Data splitting method during artificial intelligence (AI) development and validation. (a) External validation: Split the development data into training data and validation data. External validation data was collected from the cohort independent of the development data (e.g., data from other institutions or data collected after AI development). (b) Split‐sample validation. the collected data were randomly divided into training, validation, and test sets. (c) Temporary validation. All data are divided into development and test data by period. Development data is randomly divided into training and validation data. (d) Internal validation (hold‐out method). All data is randomly divided into training and validation data. (e) Internal validation (k‐fold cross‐validation). k‐fold cross‐validation divides the dataset into k groups.

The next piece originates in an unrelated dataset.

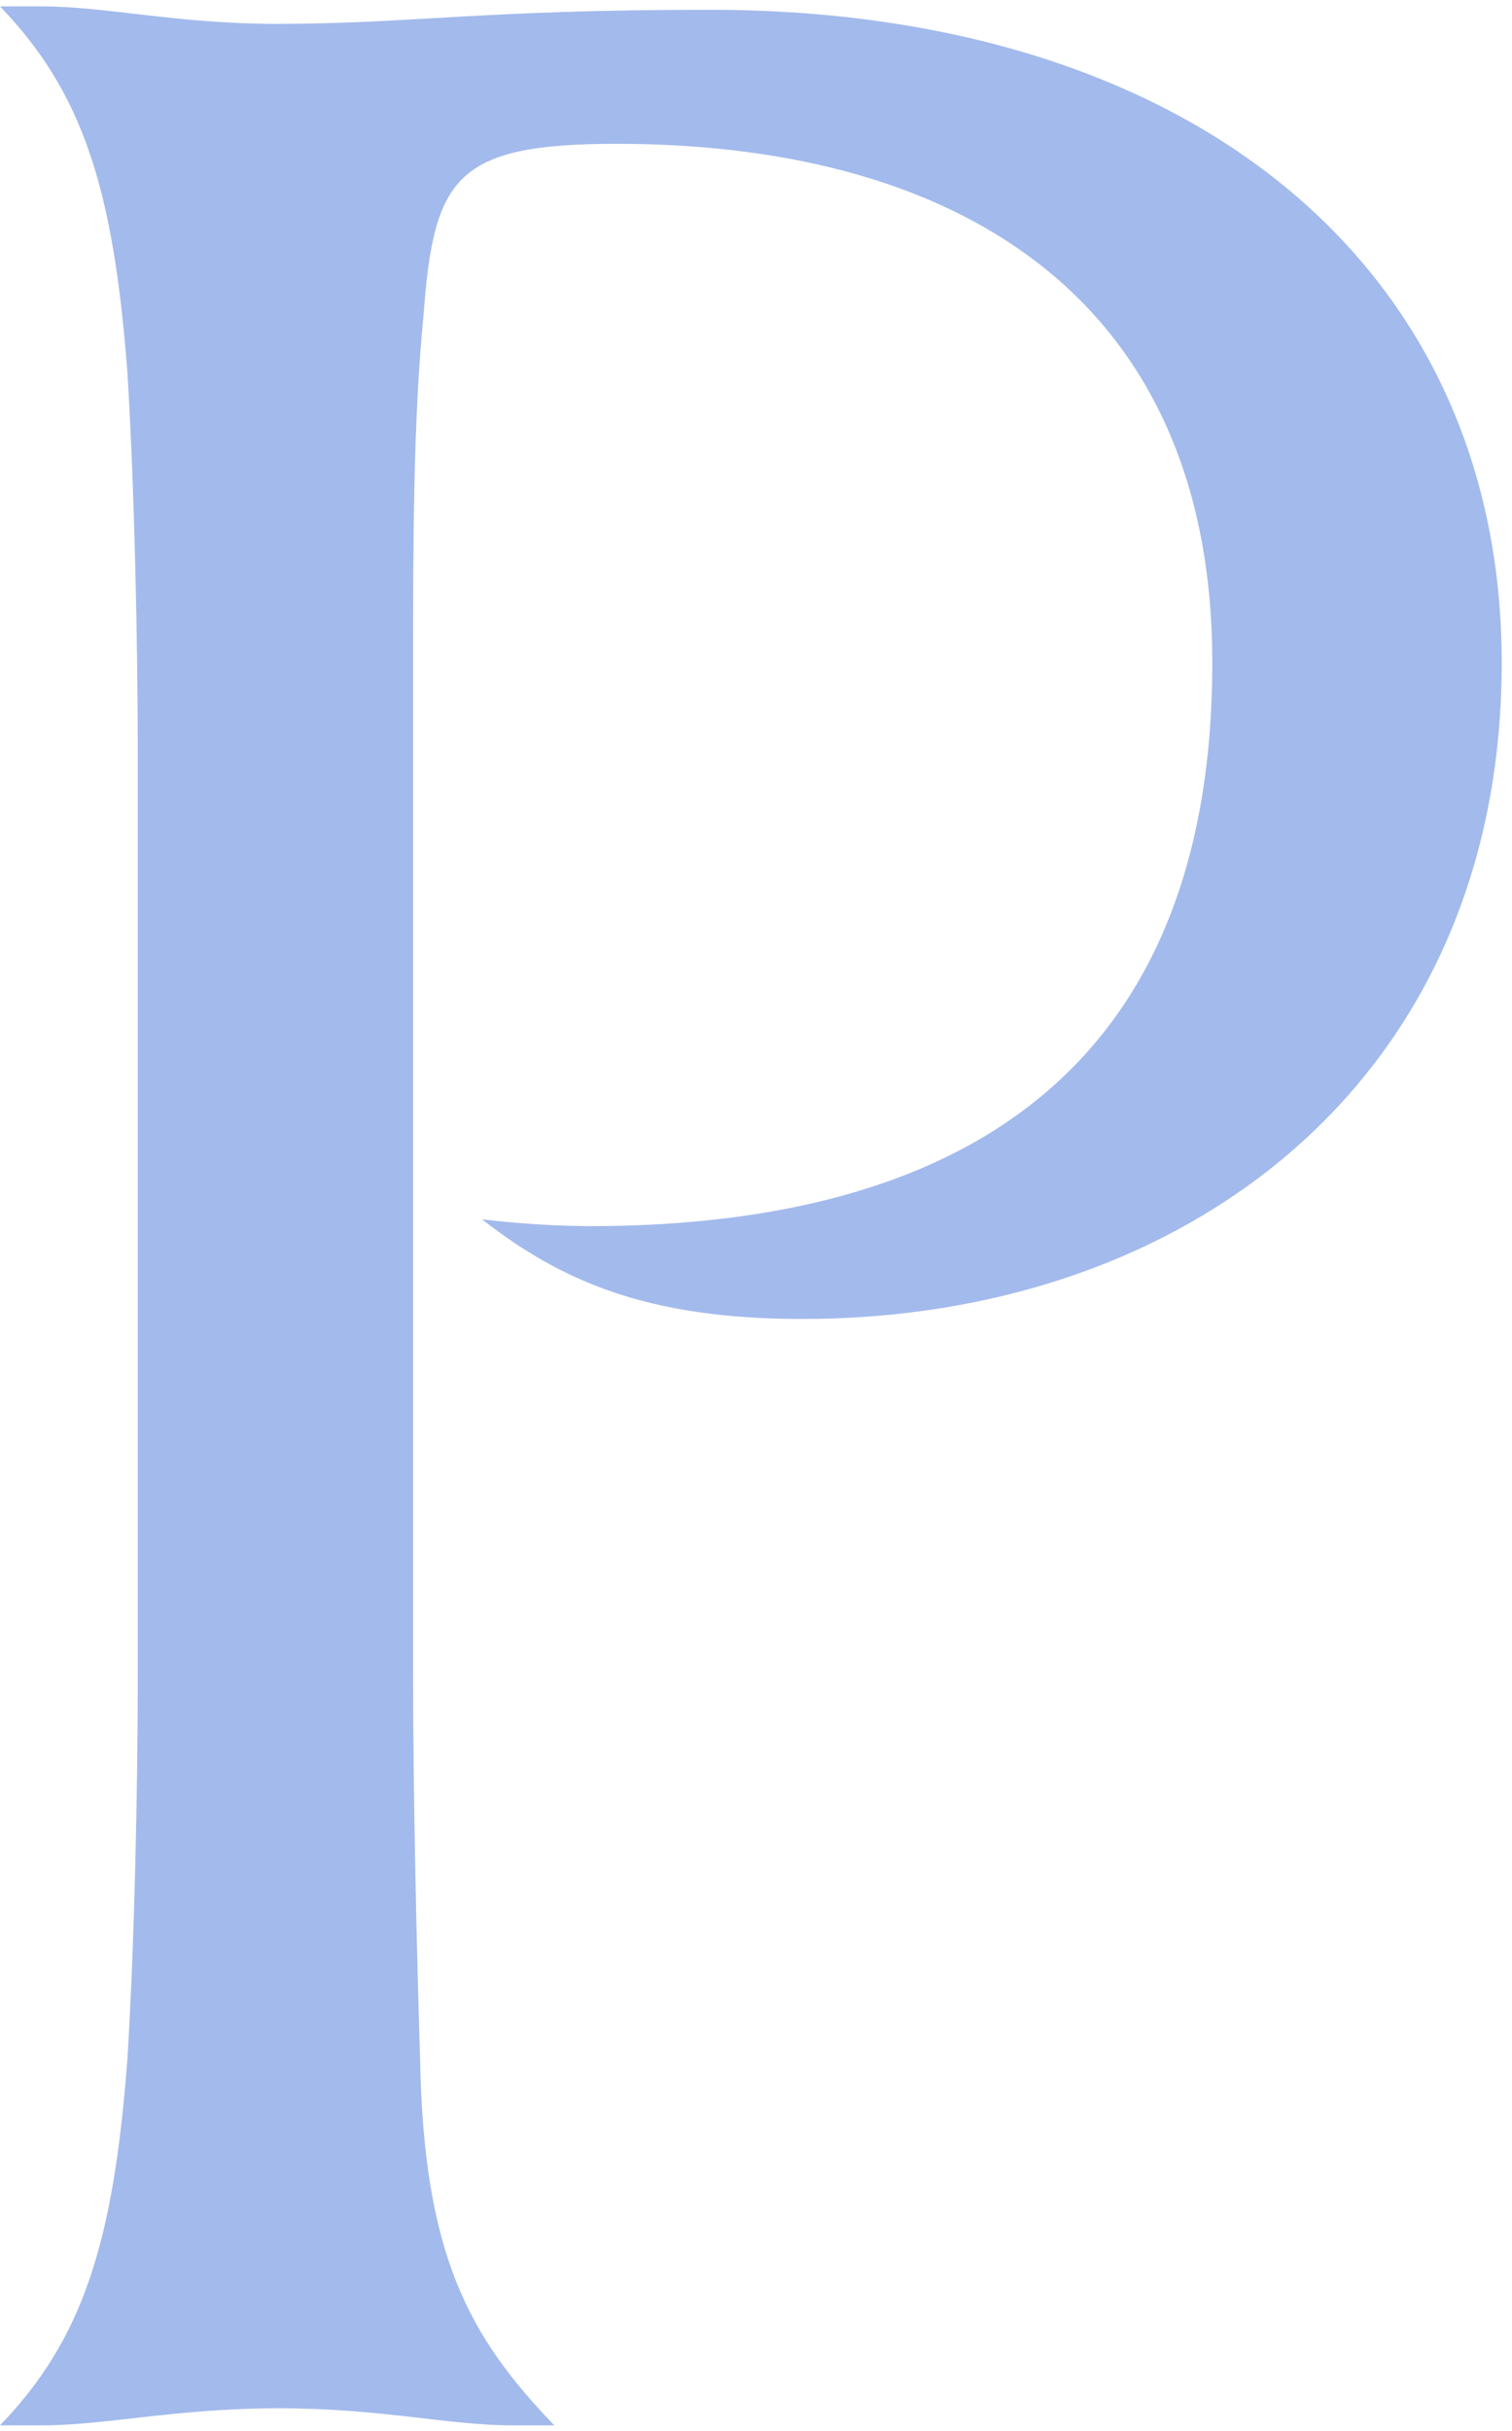 <?xml version="1.0" encoding="UTF-8"?> <svg xmlns="http://www.w3.org/2000/svg" width="79" height="127" viewBox="0 0 79 127" fill="none"> <path d="M37.062 0.511C62.083 0.511 78.462 13.8 78.462 34.622C78.462 56.342 62.083 68.906 41.923 68.906C33.823 68.906 29.326 66.931 25.186 63.701C27.037 63.921 28.899 64.04 30.764 64.058C52.003 64.058 63.342 54.367 63.342 34.622C63.342 16.132 50.744 7.513 32.206 7.513C23.743 7.513 22.664 9.309 22.126 16.49C21.584 22.052 21.584 28.518 21.584 34.979V87.396C21.584 93.678 21.763 101.601 21.947 107.503C22.126 117.735 24.465 122.042 28.963 126.707H26.803C23.385 126.707 19.967 125.814 14.564 125.814C9.161 125.814 5.568 126.707 2.159 126.707H0C4.319 122.221 5.94 117.194 6.662 107.503C7.02 101.578 7.199 93.678 7.199 87.396V39.648C7.199 33.362 7.02 25.466 6.662 19.541C5.94 9.845 4.319 4.823 0 0.333H2.159C5.582 0.333 9.179 1.249 14.564 1.249C21.584 1.231 25.186 0.511 37.062 0.511Z" fill="#A3BAEC"></path> </svg>

One group is used for validation, while the others are used for training the model. This process is repeated k times, and the results are averaged. (f) Internal validation (leave‐one‐out validation). A model is created by dividing one case of a cohort into a validation group and the others into a training group, and after training validation, the same procedure is repeated so that all data are in the validation group, and the validation result of all cases is the final result.
Input value and models
The type of input values (image, clinical features, or a combination of these) should be confirmed. Next, it is necessary to determine whether the method is based on DL or ML. In the case of ML, it is important to consider the feature extraction methods, such as histograms or texture analysis. 24 , 25
Data volume
The inclusion criteria for the target cases and the method used for data splitting should be verified. DL often requires more training data than ML (DL > 1000, ML > 100). 5 , 20 To prevent data leakage (a phenomenon where information from the training group seeps into the validation/test groups, making it seem more accurate), all data from the same cases should be in the same split groups when the data are divided.
Metrics
Subsequently, the evaluation metrics of the model should be assessed. For classification tasks (such as disease diagnosis), the accuracy, sensitivity, specificity, and area under the curve from receiver operating characteristic (ROC) analysis can be used. In this case, describing the results using a confusion matrix is desirable. Detection performance can be evaluated for detection tasks using metrics such as intersection over union (IoU) or Dice score. Generally, successful detection is defined as IoU≥0.5. 26 The IoU and confidence scores are used to classify true positives (correctly detected), false positives (misdetected), and false negatives (detection failed). Unlike in classification problems, true negatives (non‐lesion part not detected) cannot be theoretically calculated because there are countless negative areas. Therefore, detection evaluation metrics often include sensitivity (recall) or positive predictive value (precision), area under the curve of the precision‐recall‐curve, which is the average precision, and the mean average precision across classes. Theoretically, specificity, negative predictive value, and accuracy are not used (although calculations are sometimes performed by considering images without lesions as negative samples). 5 , 20 Metrics such as the mean IoU across classes are used for the segmentation tasks. Essentially, the metrics of the external validation group are the primary endpoints of the report. In the case of internal validation, the results of the validation group in the holdout method and the results of all cases in the cross‐validation become the primary endpoints.
AI FOR EUS IMAGES
While referring to existing articles on AI in the field of biliary and pancreatic medicine, the PubMed, Embase, and Cochrane databases were systematically searched for articles published from inception to March 31, 2023, by one author (Takamichi Kuwahara). 5 , 20 , 27 , 28 , 29 The search terms used were as follows: (artificial intelligence OR deep learning OR machine learning OR radiomics) AND (endoscopic ultrasonography OR endoscopic ultrasound OR EUS OR ERCP OR cholangioscopy). The findings of these articles indicated that AI for EUS has been developed for numerous purposes, such as classifying and detecting pancreatic tumors, pancreatic cysts, and submucosal tumors.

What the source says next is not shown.